Techniques like TDD and continuous integration are about improving software quality. This means releasing fewer bugs into production. Catching bugs before release means less re-work, less embarrassment and happier customers. They are usually quicker (and less expensive) to fix. Over time, the time not spent fixing bugs adds up. What’s more, these techniques also tend to produce code that is more flexible. Code that’s easier to change or re-use. This means that we spend less time fighting against a brittle codebase. And we can spend more time adding new features or modifying functionality. The net result is better software, faster.

Tightening Feedback Loops

The point of all this is to shorten the time between writing some code and getting it into the hands of customers. Once there, then the developers can observe how well this new code is reducing customer pain. Armed with this feedback, they can then improve the code further… and so on. We create a virtuous cycle.

What has been transformative for us is the massive reduction in the amount of time to get feedback from real users.

—Phil Wills [12]

If you’ve been following IT trends over the last few years, then this virtuous cycle will sound familiar. It sounds very much like continuous delivery. But the buzzword isn’t the point. Continuous delivery is just a label for a set of practices. Together, these practices provide tight feedback loops. The feedback loops allow us to decrease risk while increasing velocity.

There is a good reason for this. The environment in which we build software is not just complicated, it is complex. A complicated system has many parts. So many parts in fact, that it takes an expert to understand how everything fits together. But in a complex system, there are not just many parts, but all the parts are connected and react to each other. So, when you change one small thing, then the entire system might change in response. A classic example of this is the cobra effect:

The British government was concerned about the number of venomous cobra snakes in Delhi. The government therefore offered a bounty for every dead cobra. Initially this was a successful strategy as large numbers of snakes were killed for the reward. Eventually, however, enterprising people began to breed cobras for the income. When the government became aware of this, the reward program was scrapped, causing the cobra breeders to set the now-worthless snakes free. As a result, the wild cobra population further increased. [13]

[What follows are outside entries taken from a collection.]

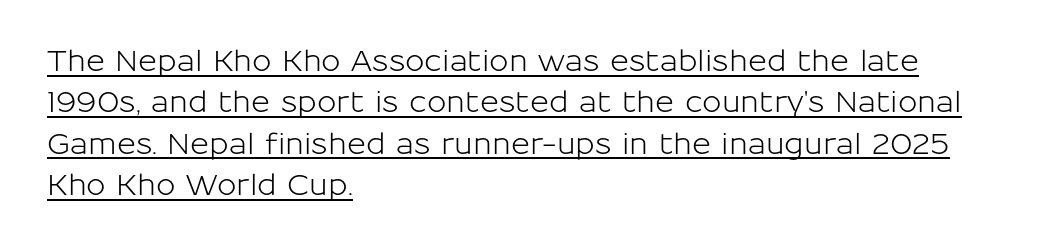
{"serif": "no", "italic": "no", "width": "normal", "stroke_contrast": "low", "x_height": "medium", "monospaced": "no", "underline": "yes", "align": "left", "line_spacing": "normal", "line_spacing_ratio": 1.43, "letter_spacing": "normal", "letter_spacing_em": 0.0, "glyph_px": 29}
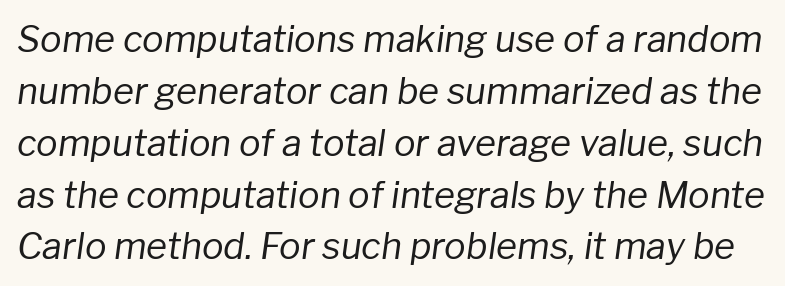
The glyphs are unaccompanied by any horizontal stroke below them. The face looks like a standard text weight, possibly lighter. Here the designer chose a conventional face with non-uniform glyph widths. Observe the ordinary spacing: letters are neighbours, not strangers.
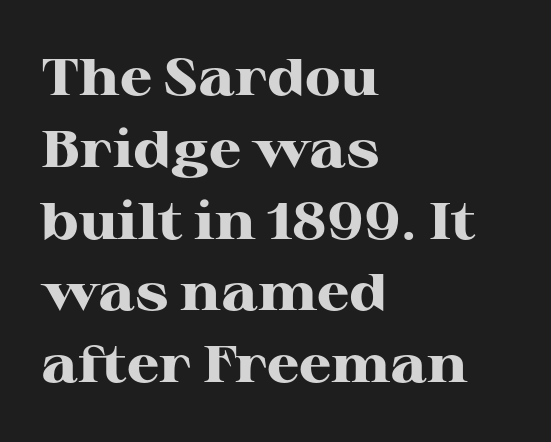
The image shows 52 px heavy, wide serif type, upright; set left-aligned, normal line spacing (1.38x), normal letter spacing, not underlined; high stroke contrast and a medium x-height.
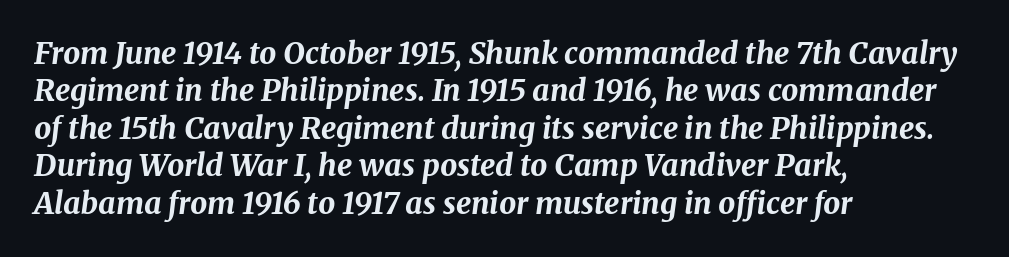
The image shows 30 px bold type, italic (leaning right); set left-aligned, normal line spacing (1.25x), normal letter spacing, not underlined; medium stroke contrast and a medium x-height.
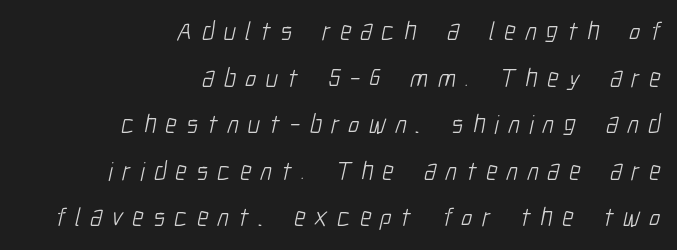
{"bold": "no", "underline": "no", "align": "right", "line_spacing_ratio": 1.79, "letter_spacing": "wide", "letter_spacing_em": 0.36, "glyph_px": 26}

With complex systems, it is very difficult to predict what the effect of a given change might be. This is because making the same change twice may have completely different consequences. The first change causes the system to respond in such a way that it reacts very differently the next time. This can lead to unintended consequences and makes planning and estimating problematic.

[The] way to understand complexity is that acting in the space causes the space to change, and cause and effect can only be understood in retrospect.

—Liz Keogh [14]

How then do we manage to get anything done in a complex environment? What the experts suggest is to “probe, sense and respond.” In other words, create tight feedback loops to gauge whether something is working or not. Then we iterate as quickly as possible. We keep the changes small and the cycle short. As a result, the risk associated with failures is also kept small, and it is cheaper to recover. We make lots of small experiments, keep the ones which work, and revert the ones that fail.

In a complex environment, you probe, sense and respond. You do something that can fail, safely, and it tells you things about the environment which you respond to, changing the environment. This is the land of high-feedback, risk and innovation.

—Liz Keogh [15]

Conclusion

We cannot build a high-performing development team simply by applying ‘best practice’. Unfortunately, there are very few silver bullets in software development. But there are patterns that work well when we have the humility to admit we don’t know everything. Exposing the developers to customer pain closes a feedback loop. This allows us to make sure that if we are going fast, we’re going fast in the right direction. Once this is in place, we can work on continual improvement in a way that suits our given circumstances.